Hi Ben,
I hope Nicholas Ritchie will find this and fill in the gaps to my understanding. In the interim I will give it my best shot. The best source of information is the file:
http://dtsa2.svnrepository.com/DTSA2/trac.cgi/browser/NWMR/trunk/EPQ/src/gov/nist/microanalysis/NISTMonte/Gen3/PhiRhoZ3.java.
There are two types of normalization. The first seems to be what we are used to. In my experience it seems to match well with Casino and the older work from Castaing. First look at line 67: the mNorm coeficient is calculated using the bin width, the generated intensity, and difference in position (I'm gussing a depth.) This is used in the 4 functions between lines 77 to 91. The intensity functions seem to add the bin width back. There are a corresponding set of functions from lines 227 to 249 that operate on xray-transition objects.

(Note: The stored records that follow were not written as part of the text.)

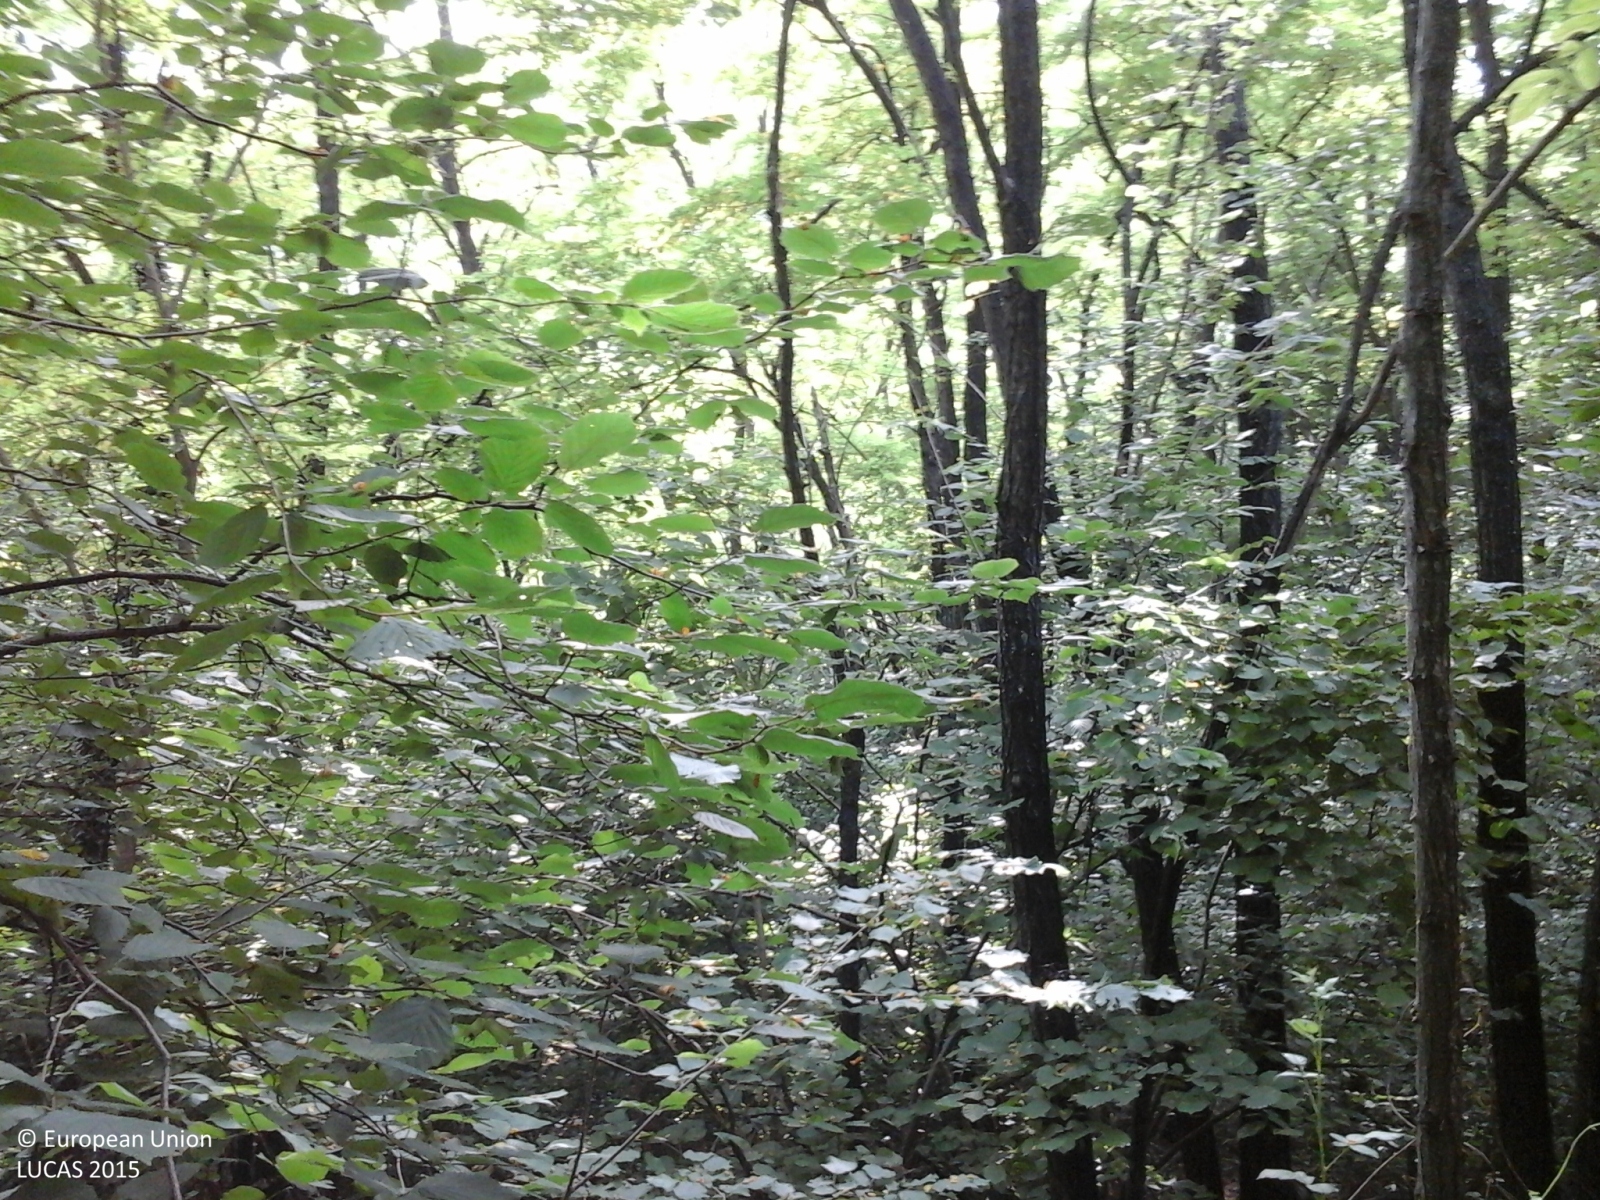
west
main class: Woodland
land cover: Broadleaved woodland
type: thermophilous deciduous forest
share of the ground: > 75 %
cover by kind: broadleaved forest trees 100 %
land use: Semi-natural and natural areas not in use
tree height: > 5 m
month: June
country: IT
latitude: 44.6855
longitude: 8.7283
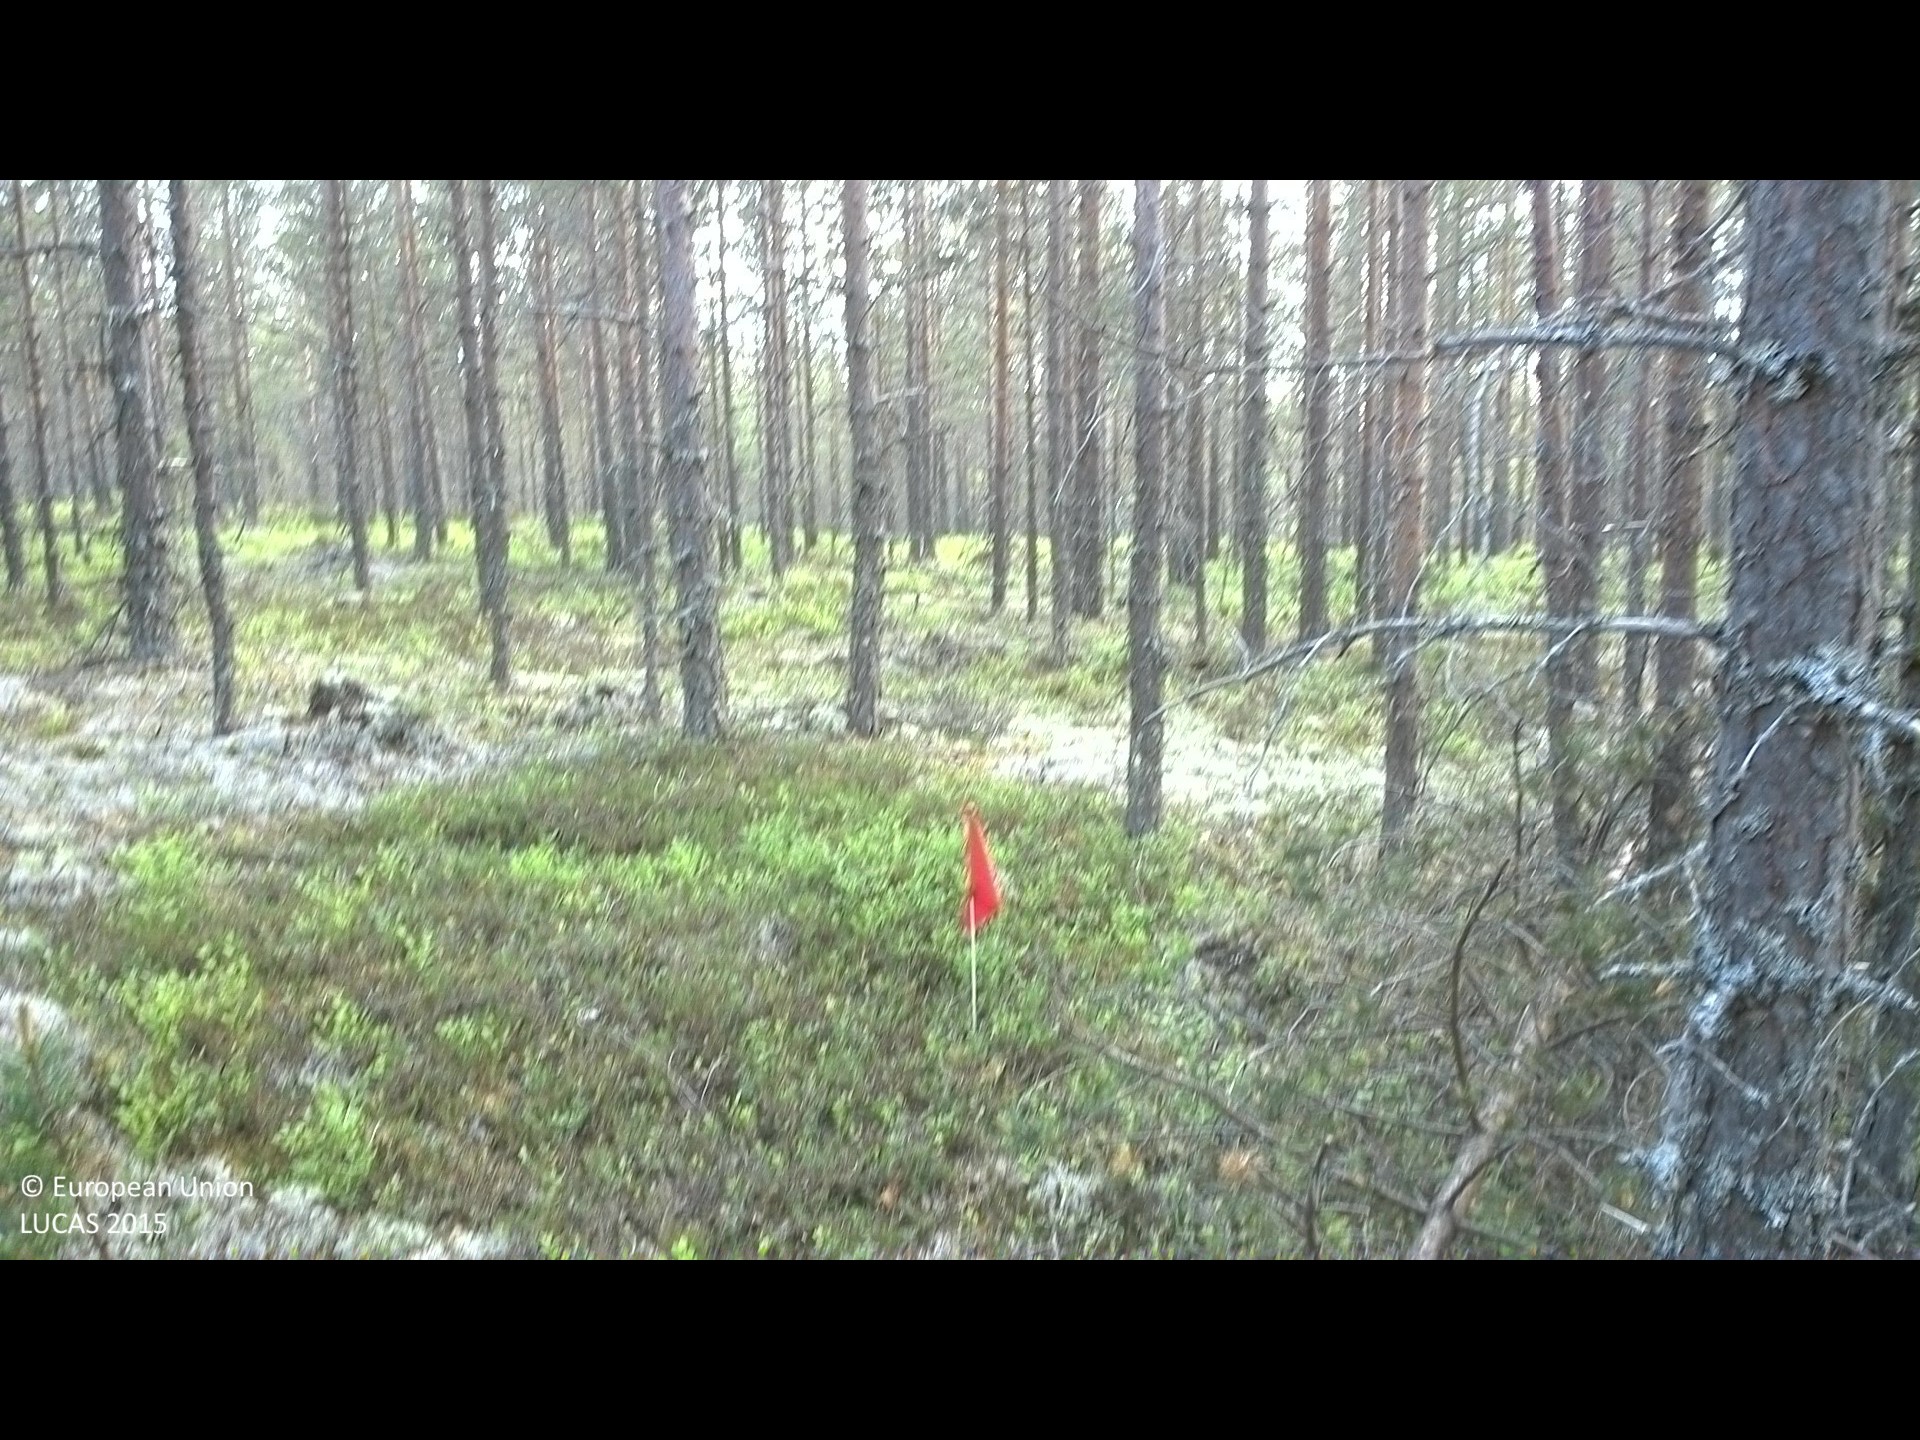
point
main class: Woodland
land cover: Pine dominated coniferous woodland
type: boreal forest
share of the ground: 25 - 50 %
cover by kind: lichens and mosses 50 %, coniferous forest trees 30 %, shrubs 20 %
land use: Forestry
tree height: > 5 m
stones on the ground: < 10 %
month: June
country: SE
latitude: 61.9576
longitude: 16.6747
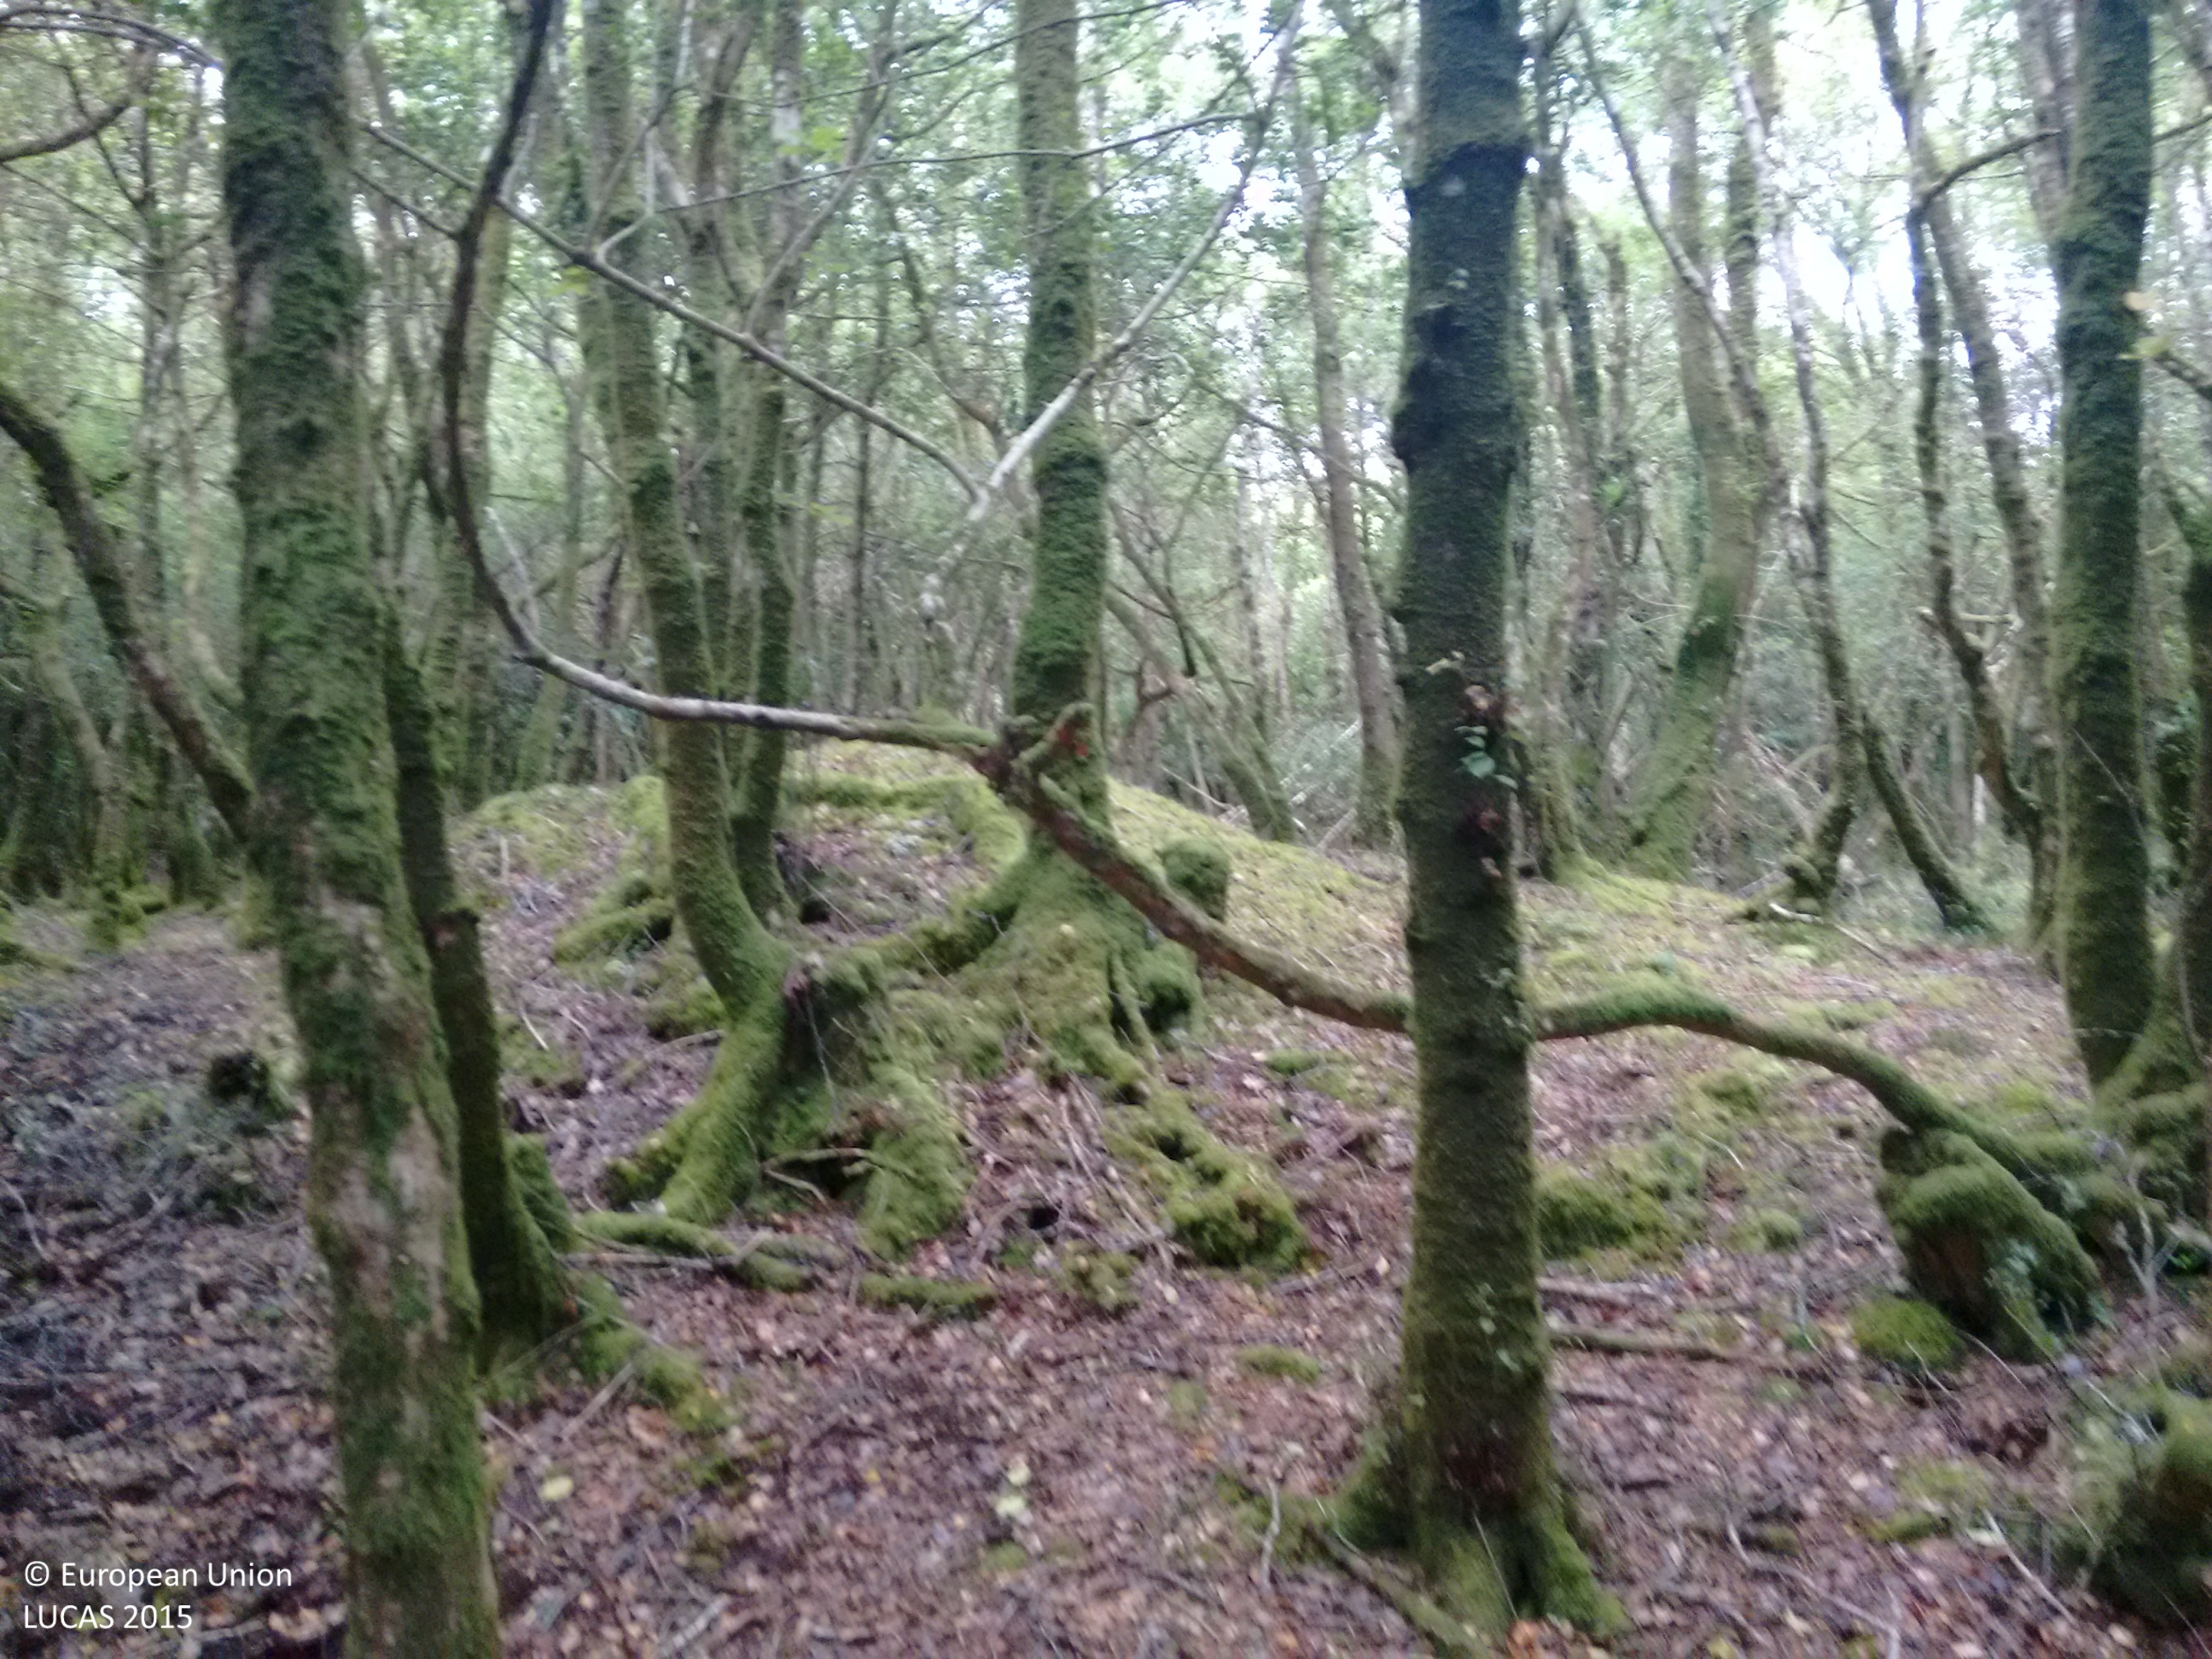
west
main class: Woodland
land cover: Broadleaved woodland
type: acidophilous oak and oak-birch forest
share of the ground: > 75 %
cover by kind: broadleaved forest trees 100 %
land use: Semi-natural and natural areas not in use
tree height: > 5 m
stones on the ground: < 10 %
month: July
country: IE
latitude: 51.7486
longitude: -9.2105

I tried to check this on a standard system. The algorithm goes all the way back to 1955 (the year I was born): R. Castaing and J Descamps, J. Physique Radium, 16, 304 (1955) where he examined Cu in Al. Pouchou and Pichoir used this in Figure 7 of Chapter 2 in Heinrich and Newbury, Electron Probe Quantification. I digitized the data and did a DTSA-II MonteCarlo simulation and then processed the data in R.
The file 'Castaing-Cu-in-Al' is the original. I digitized the points that the authors published. I then compared this to the output from DTSA using both the Emit_Cu_K_L3 and the Emit_I_Cu_K_L3. The plot Castaing-Cu-in-Al-Phi-Rho-Z.png show excellent agreement. The version with the intensity version had much higher values (Castaing-Cu-in-Al-Phi-Rho-Z-I.png).
The Monte Carlo version is quite important for multilayer simulations where it is really hard to work in rho-z space. That's why DTSA-II reports in Z-space. I'd really like some well characterized data sets to work through this. I don't have any I really trust. I previously noted that I get great agreement with DTSA using K-L3 transitions. I get big deviations in intensity with, for example, the Zn L3-M5 transition when I simulate ZnO. I reported this to Nicholas Ritchie last June at Lehigh. He has been really busy and I have not heard back regarding this. Debugging this issue is beyond my skills.
I think DTSA is incredibly important to the community (along with CalcZAF) because both are Open Source. I can examine the algorithms. I can (and have) suggested updates for DTSA and Nicholas has graciously incorporated them. I especially like the Jython scripting language because I can make my analyses truely reproducible.